Sneaky guy who can disable devices, and is good in combat could be a ranger, rogue, inquisitor, or slayer.

Unless of course you are using metagame concepts such as "sneak attack" then you actually have a wide variety of ways to realize a concept.


Here is a framework that can explain Slayers as a separate class.

Slayers don't learn how to be slayers, slayers are created (born?) and then learn skills which help them to kill things.

Most sentient beings find violence a distasteful and unpleasant necessity (yes most members of even the goblinoid species feel this way) and after a period in the army or militia or street gang can leave it behind happily to take up farming, tailoring or some other peaceful profession. However there is a certain percentage of sentients who, when forged on the fires of violence, discover in themselves something which needs the violence to satisfy them. Some crave the feeling which comes from a lack of constraint in battle and feed that rage to become barbarians. Some enjoy the adrenalin rush that comes when life and death are inches apart and take up the craft of the fighter. And then there are those others, those who are addicted to the feeling which comes from extinguishing life, the feeling of power which comes from knowing that every living thing you see only continues to live because they have not chosen to end it yet, the slayers.
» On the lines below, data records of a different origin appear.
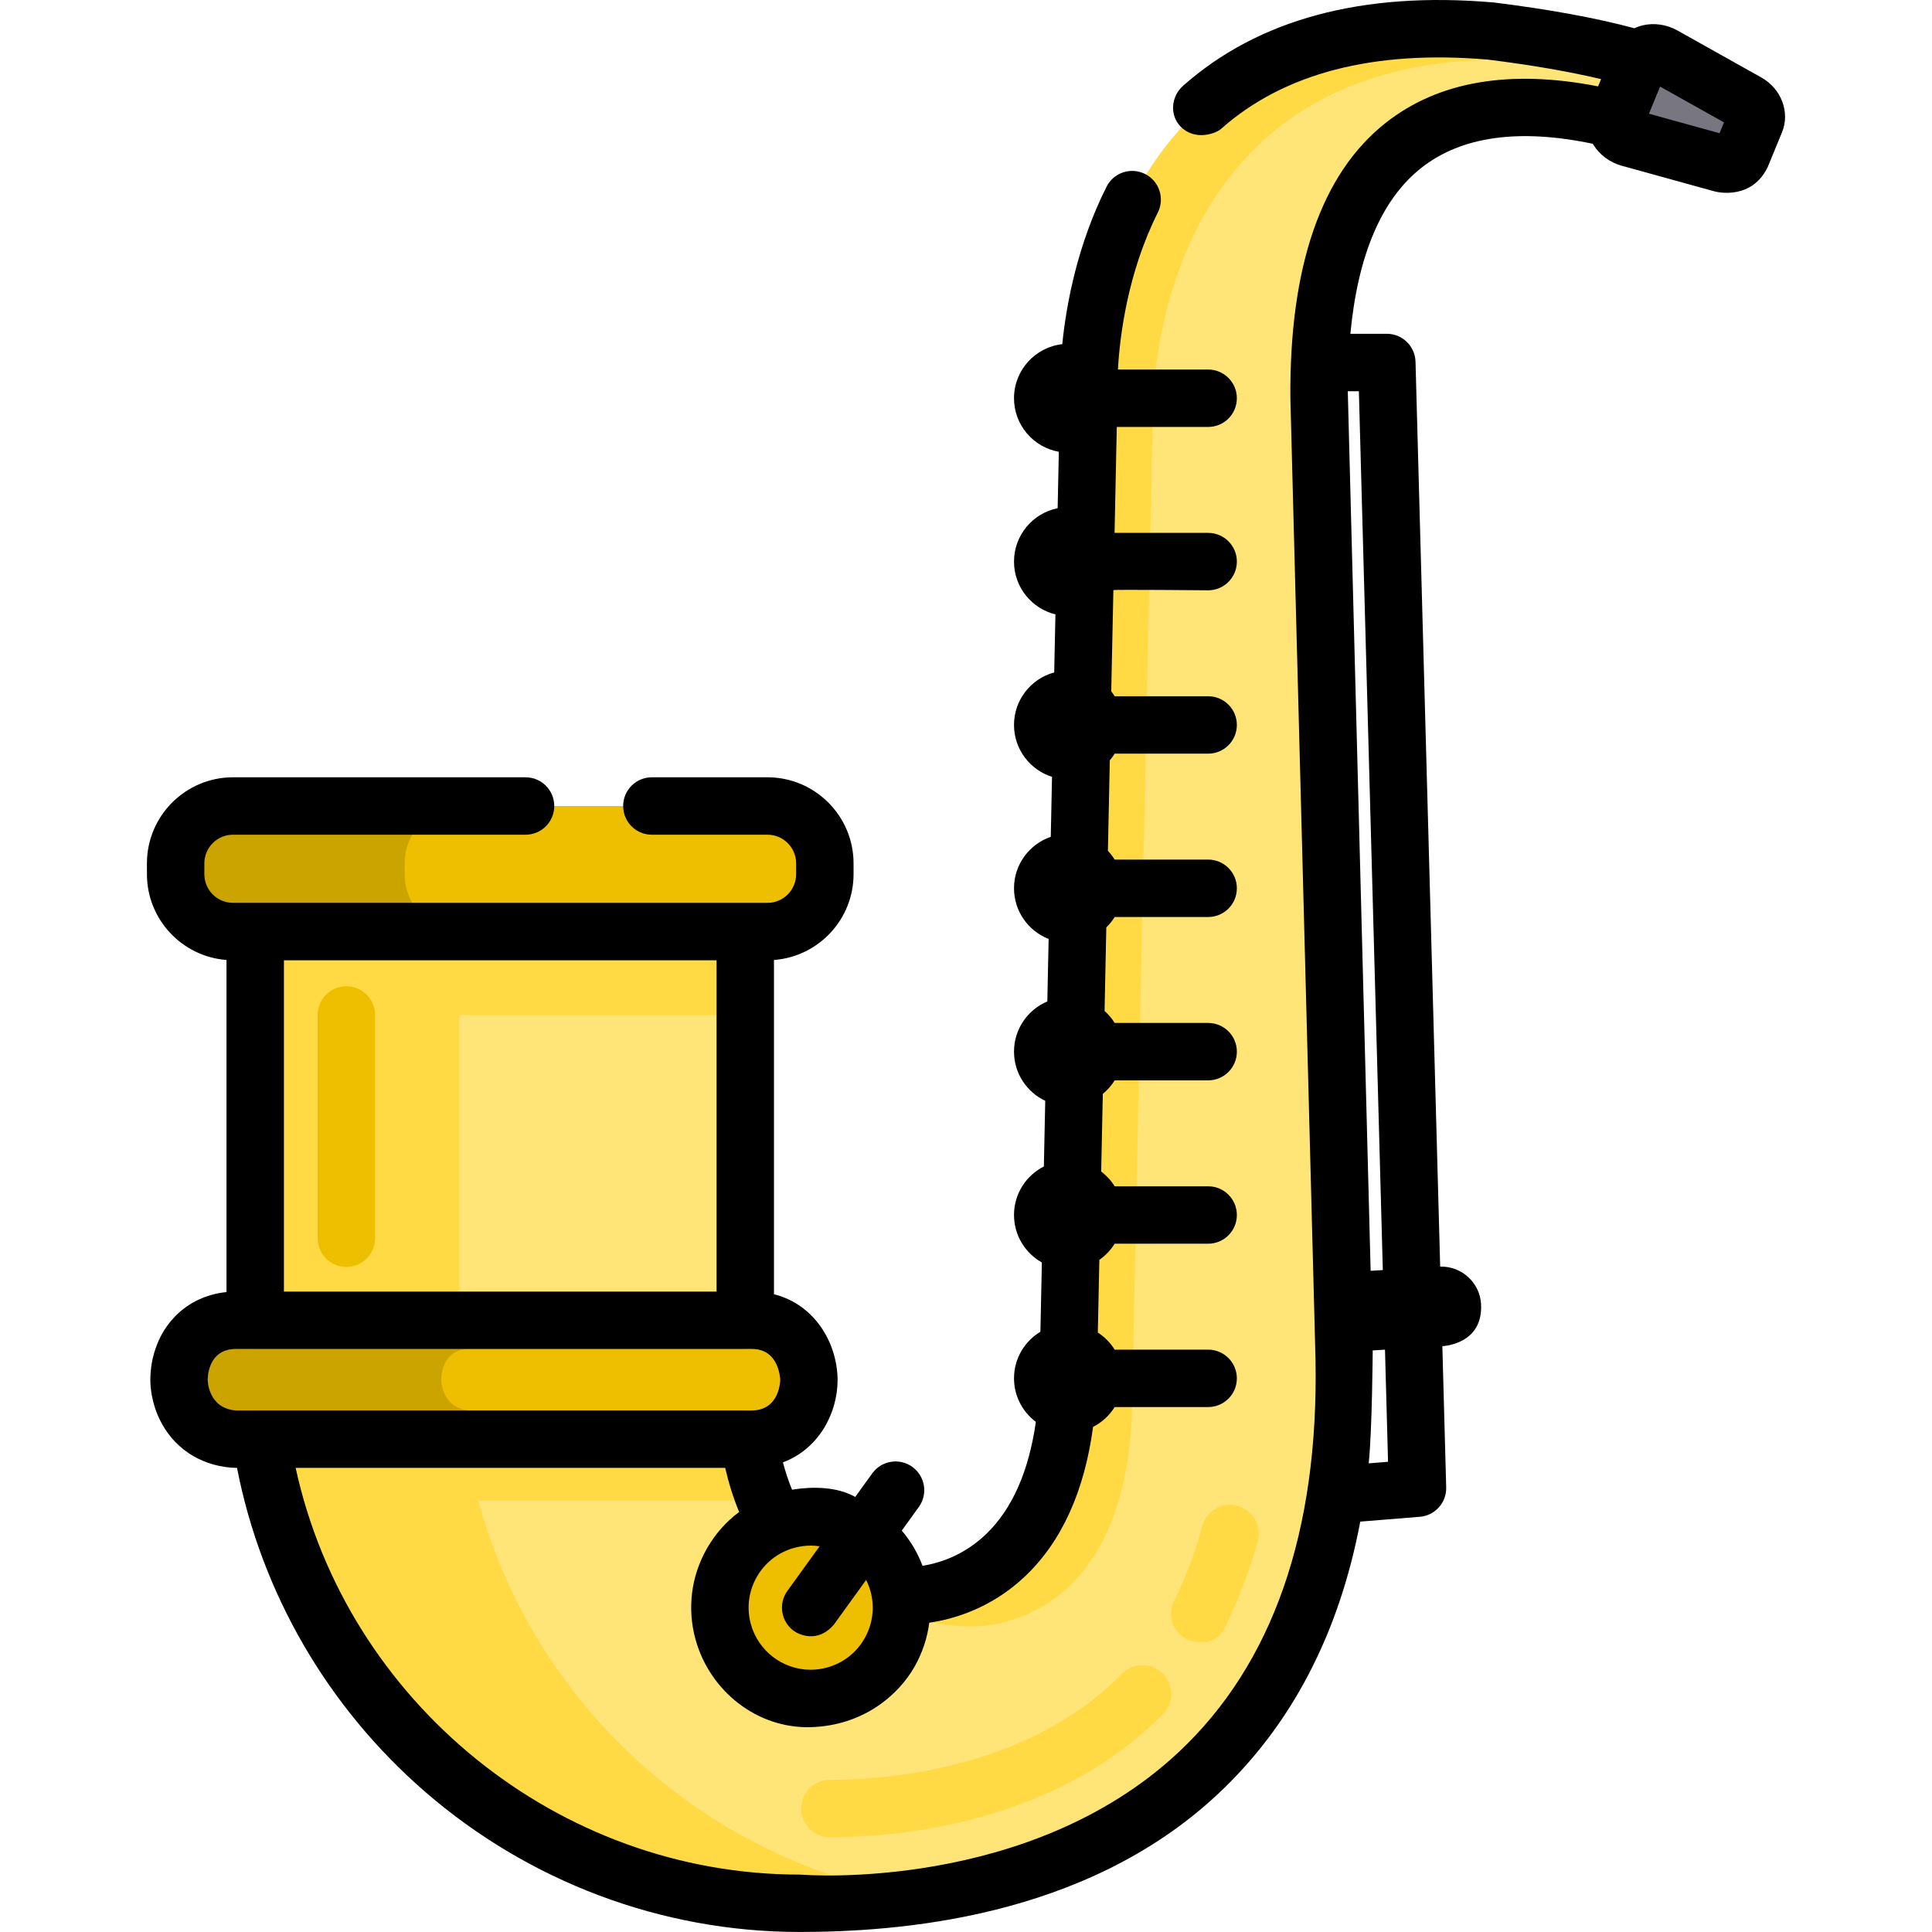 <svg xml:space="preserve" style="enable-background:new 0 0 512.002 512.002;" viewBox="0 0 512.002 512.002" y="0px" x="0px" xmlns:xlink="http://www.w3.org/1999/xlink" xmlns="http://www.w3.org/2000/svg" id="Layer_1" version="1.1">
<path d="M395.084,8.225c-111.369-9.62-106.56,96.57-106.56,96.57l-5.37,256.41
	c0,64.01-42.843,61.638-42.843,61.638c-49.049,0-42.806-63.857-42.806-63.857V239.106H67.635v120.988
	c0,79.365,64.934,144.299,144.3,144.299c0,0,147.26,12.949,144.3-144.299l-6.66-254.56c-0.83-97.926,68.654-79.363,99.672-66.946
	l6.515-12.417C455.761,26.171,448.919,14.884,395.084,8.225z" style="fill:#FFE477;"></path>
<g>
	<path d="M300.064,369.369l5.37-256.41c0,0-4.81-106.19,106.559-96.57
		c20.013,2.476,33.527,5.591,42.615,8.528c-3.57-3.147-16.664-11.366-59.469-16.661c-111.369-9.62-106.56,96.57-106.56,96.57
		l-5.37,256.41c0,64.01-42.843,61.638-42.843,61.638c-3.429,0-6.578-0.323-9.487-0.903c6.229,5.458,14.736,9.036,26.341,9.036
		C257.221,431.007,300.064,433.379,300.064,369.369z" style="fill:#FFDA44;"></path>
	<path d="M121.735,360.091V239.105h-54.1v120.99c0,79.365,64.934,144.299,144.3,144.299
		c0,0,13.744,1.208,32.749-1.597C175.349,492.4,121.735,432.205,121.735,360.091z" style="fill:#FFDA44;"></path>
</g>
<circle r="24.05" cy="426.048" cx="214.835" style="fill:#EEBF00;"></circle>
<rect height="33.576" width="129.871" style="fill:#FFDA44;" y="235.407" x="67.638"></rect>
<path d="M203.392,246.874H61.748c-8.361,0-15.202-6.841-15.202-15.202v-2.867
	c0-8.361,6.841-15.202,15.202-15.202h141.644c8.361,0,15.202,6.841,15.202,15.202v2.867
	C218.595,240.033,211.754,246.874,203.392,246.874z" style="fill:#EEBF00;"></path>
<path d="M107.232,231.672v-2.867c0-8.361,6.841-15.202,15.202-15.202H61.748
	c-8.361,0-15.202,6.841-15.202,15.202v2.867c0,8.361,6.841,15.202,15.202,15.202h60.686
	C114.073,246.874,107.232,240.033,107.232,231.672z" style="fill:#CCA400;"></path>
<path d="M67.635,365.644c0.423,11.032,2.098,21.755,4.889,32.034h130.221
	c-4.8-11.602-5.628-24.448-5.616-32.034H67.635z" style="fill:#FFDA44;"></path>
<path d="M199.316,373.784H62.494c-7.438-0.62-7.438-8.101-7.438-8.101s-0.226-8.179,7.438-8.179h136.822
	c7.289,0,7.438,8.179,7.438,8.179S206.755,373.671,199.316,373.784z" style="fill:#EEBF00;"></path>
<path d="M55.055,365.683c0,0,0,7.481,7.438,8.101h61.877c-7.438-0.62-7.438-8.101-7.438-8.101
	s-0.226-8.178,7.438-8.179H62.494C54.829,357.504,55.055,365.683,55.055,365.683z" style="fill:#CCA400;"></path>
<g>
	<path d="M314.492,434.408c-3.743-1.909-5.229-6.491-3.319-10.234c3.041-5.96,5.547-12.597,7.445-19.724
		c1.082-4.061,5.248-6.472,9.311-5.392c4.06,1.081,6.474,5.25,5.391,9.31c-2.176,8.162-5.316,15.685-8.595,22.721
		C321.959,437.027,315.599,434.973,314.492,434.408z" style="fill:#FFDA44;"></path>
	<path d="M219.928,486.901c-4.203,0-7.608-3.406-7.608-7.608s3.405-7.608,7.608-7.608
		c14.979,0,52.507-2.739,77.404-28.108c2.943-3.001,7.76-3.043,10.757-0.101c2.999,2.943,3.044,7.76,0.101,10.758
		C279.257,483.718,236.827,486.901,219.928,486.901z" style="fill:#FFDA44;"></path>
</g>
<path d="M91.788,335.759c-4.203,0-7.608-3.406-7.608-7.608v-59.172c0-4.202,3.405-7.608,7.608-7.608
	c4.202,0,7.608,3.406,7.608,7.608v59.172C99.396,332.353,95.989,335.759,91.788,335.759z" style="fill:#EEBF00;"></path>
<path d="M437.053,14.126c-1.206,0.291-2.141,1.049-2.564,2.077l-6.121,14.882
	c-0.423,1.029-0.291,2.226,0.36,3.28c0.652,1.055,1.76,1.864,3.037,2.216l24.594,6.801c2.186,0.605,4.347-0.253,5.071-2.015
	l3.789-9.213c0.724-1.761-0.207-3.89-2.186-4.999l-22.263-12.471C439.615,14.039,438.259,13.835,437.053,14.126z" style="fill:#787680;"></path>
<path d="M466.751,20.52L444.488,8.049c-2.805-1.57-6.167-2.055-9.221-1.318c-0.752,0.182-1.461,0.444-2.14,0.753
	c-10.189-2.732-22.661-5.021-37.109-6.81c-0.093-0.011-0.187-0.021-0.279-0.029c-34.666-2.994-62.331,4.453-82.251,22.133
	c-3.143,2.79-3.562,7.722-0.64,10.74c3.765,3.888,9.292,1.925,10.74,0.64c16.648-14.776,40.435-20.953,70.701-18.365
	c11.441,1.419,21.487,3.157,30.015,5.169l-0.792,1.926c-23.399-4.574-42.321-1.348-56.283,9.669
	c-17.06,13.461-25.559,38.036-25.263,73.042c0.001,0.045,0.001,0.089,0.003,0.135l6.657,254.504
	c0.862,45.751-11.349,80.784-36.293,104.123c-39.671,37.119-99.146,32.505-99.732,32.455c-0.222-0.019-0.444-0.029-0.666-0.029
	c-64.108,0-120.08-45.773-133.586-107.787h113.829c0.97,4.174,2.205,8.083,3.703,11.688c-3.453,2.58-6.372,5.863-8.565,9.723
	c-4.178,7.352-5.242,15.891-2.998,24.044c3.771,13.695,16.322,23.661,30.508,23.261c14.129-0.4,23.36-8.671,27.537-16.023
	c2.078-3.657,3.385-7.608,3.898-11.658c6.33-0.915,16.349-3.737,25.345-12.25c9.717-9.194,15.759-22.5,18.072-39.65
	c2.354-1.197,4.33-3.019,5.72-5.25h24.773c4.203,0,7.608-3.406,7.608-7.608s-3.405-7.608-7.608-7.608h-24.773
	c-1.135-1.823-2.66-3.374-4.466-4.533l0.404-19.269c1.632-1.127,3.012-2.585,4.063-4.272h24.773c4.203,0,7.608-3.406,7.608-7.608
	s-3.405-7.608-7.608-7.608h-24.773c-0.942-1.513-2.155-2.835-3.573-3.905l0.431-20.585c1.238-1.008,2.294-2.223,3.142-3.584h24.773
	c4.203,0,7.608-3.406,7.608-7.608s-3.405-7.608-7.608-7.608h-24.773c-0.738-1.186-1.641-2.254-2.681-3.177l0.464-22.142
	c0.849-0.822,1.591-1.748,2.217-2.756h24.773c4.203,0,7.608-3.406,7.608-7.608c0-4.202-3.405-7.608-7.608-7.608h-24.773
	c-0.519-0.835-1.119-1.613-1.792-2.322l0.502-23.983c0.475-0.554,0.903-1.147,1.29-1.769h24.773c4.203,0,7.608-3.406,7.608-7.608
	c0-4.202-3.405-7.608-7.608-7.608h-24.773c-0.28-0.45-0.581-0.885-0.908-1.3l0.566-26.823c0.127-0.184,25.115,0.049,25.115,0.049
	c4.203,0,7.608-3.406,7.608-7.608c0-4.202-3.405-7.608-7.608-7.608h-24.773c-0.009-0.015-0.018-0.03-0.027-0.045l0.587-28.029
	h24.213c4.203,0,7.608-3.406,7.608-7.608c0-4.202-3.405-7.608-7.608-7.608h-23.911c0.505-8.925,2.567-25.647,10.578-41.613
	c1.885-3.755,0.368-8.327-3.387-10.212c-3.756-1.886-8.328-0.367-10.212,3.387c-7.692,15.329-10.631,30.937-11.728,41.714
	c-7.196,0.816-12.789,6.916-12.789,14.33c0,7.098,5.128,12.985,11.878,14.191l-0.313,14.955
	c-6.596,1.329-11.565,7.155-11.565,14.143c0,6.777,4.677,12.446,10.976,13.996l-0.323,15.38
	c-6.135,1.662-10.654,7.253-10.654,13.913c0,6.45,4.234,11.91,10.075,13.758l-0.333,15.896c-5.664,1.948-9.741,7.31-9.741,13.636
	c0,6.113,3.807,11.326,9.175,13.428l-0.347,16.561c-5.186,2.187-8.828,7.319-8.828,13.302c0,5.765,3.389,10.726,8.276,13.037
	l-0.364,17.39c-4.69,2.382-7.912,7.241-7.912,12.862c0,5.407,2.978,10.112,7.38,12.583l-0.384,18.356
	c-4.186,2.526-6.995,7.104-6.995,12.35c0,4.724,2.28,8.904,5.788,11.536c-1.864,13.105-6.258,23.074-13.151,29.716
	c-6.093,5.87-12.816,7.798-16.882,8.424c-1.297-3.459-3.18-6.595-5.5-9.329l4.516-6.253c2.46-3.406,1.693-8.162-1.712-10.623
	c-3.405-2.46-8.161-1.694-10.623,1.713l-4.513,6.248c-6.4-3.637-15.104-2.174-16.743-1.913c-0.93-2.246-1.736-4.669-2.417-7.251
	c9.456-3.536,14.483-12.957,14.483-21.861c0-0.092-0.001-0.186-0.003-0.278c-0.175-9.602-6.085-19.714-16.856-22.414v-88.58
	c11.777-0.883,21.09-10.74,21.09-22.739v-2.866c0-12.577-10.232-22.81-22.809-22.81h-30.642c-4.203,0-7.608,3.406-7.608,7.608
	c0,4.202,3.405,7.608,7.608,7.608h30.642c4.187,0,7.594,3.407,7.594,7.595v2.866c0,4.187-3.406,7.595-7.594,7.595H61.748
	c-4.188,0-7.595-3.407-7.595-7.595v-2.866c0-4.187,3.406-7.595,7.595-7.595h77.529c4.203,0,7.608-3.406,7.608-7.608
	c0-4.202-3.405-7.608-7.608-7.608H61.748c-12.577,0-22.81,10.233-22.81,22.81v2.866c0,11.998,9.314,21.856,21.09,22.739v88.007
	c-5.283,0.533-10.056,2.768-13.629,6.442c-6.18,6.353-6.601,14.421-6.557,17.048c0.023,1.743,0.329,5.784,2.413,10.149
	c3.574,7.485,10.491,12.184,18.977,12.891c0.42,0.034,0.842,0.053,1.263,0.053h0.316c6.45,33.101,23.955,63.364,49.744,85.759
	c27.577,23.947,62.745,37.167,99.066,37.242c26.125,0,75.676-3.457,111.005-36.432c19.555-18.253,32.215-42.474,37.86-72.318
	l15.78-1.279c4.031-0.327,7.101-3.748,6.991-7.79l-1.02-37.432c0,0,10.879-0.364,10.254-11.19
	c-0.328-5.676-5.184-10.049-10.828-9.887l-6.537-239.81c-0.112-4.119-3.484-7.401-7.605-7.401h-9.657
	c1.982-20.905,8.274-35.66,18.793-43.961c10.6-8.365,25.883-10.504,45.466-6.389c0.049,0.084,0.086,0.171,0.138,0.255
	c1.651,2.668,4.377,4.69,7.479,5.547l24.592,6.801c1.123,0.31,9.959,2.202,14.136-6.452l3.789-9.214
	C474.436,29.745,472.069,23.499,466.751,20.52z M217.203,409.784l-8.532,11.812c-2.46,3.406-1.693,8.162,1.712,10.623
	c1.347,0.973,6.364,3.33,10.623-1.712l8.525-11.803c0.474,0.944,0.87,1.938,1.158,2.984c1.166,4.234,0.613,8.669-1.556,12.488
	c-2.17,3.819-5.697,6.563-9.932,7.73c-1.435,0.396-2.908,0.595-4.377,0.595c-7.366,0-13.88-4.968-15.837-12.084
	c-1.166-4.234-0.613-8.669,1.556-12.488c2.17-3.819,5.697-6.563,9.932-7.73c1.435-0.396,2.908-0.595,4.377-0.595
	C215.649,409.602,216.431,409.671,217.203,409.784z M75.242,342.288v-87.806h114.654v87.806H75.242z M55.055,365.683
	c0,0-0.226-8.179,7.438-8.179h136.822c7.289,0,7.438,8.179,7.438,8.179s0,7.988-7.438,8.101H62.494
	C55.055,373.164,55.055,365.683,55.055,365.683z M367.848,387.389l-5.124,0.415c0.921-8.871,1.061-29.929,1.061-29.929l3.252-0.198
	L367.848,387.389z M366.463,336.582l-3.229,0.197c0,0-6.055-232.528-6.055-233.1h2.937L366.463,336.582z M455.698,35.307
	l-18.711-5.175l2.957-7.189l16.937,9.488L455.698,35.307z"></path>
<g>
</g>
<g>
</g>
<g>
</g>
<g>
</g>
<g>
</g>
<g>
</g>
<g>
</g>
<g>
</g>
<g>
</g>
<g>
</g>
<g>
</g>
<g>
</g>
<g>
</g>
<g>
</g>
<g>
</g>
</svg>

For the assassin life is trivial and providing death is merely a task they are willing take on for money. For the ranger life is important and killing is an unpleasant necessity which sometimes has to done. For the slayer life is the most important thing and killing is pleasure undertaken for it's own sake.


People in the real world - and in most fiction - don't fall neatly into categories like those found in class-based rpgs.

Think more in terms of what types of traits a person might have that would lead him/her to approach things in a way that a slayer might. For example, (s)he may be a calm, focused person who tends to latch onto one task at a time and plan carefully, rather than someone who tends to like to multitask.

He may share some of the same skills with a huntsman, soldier, and a thief, but that doesn't mean that he shares anything else in common with them. He may not even be focused on hunting and killing monsters per se. He could just be a fighter or adventurer who tends to take that approach when there is a foe to fight.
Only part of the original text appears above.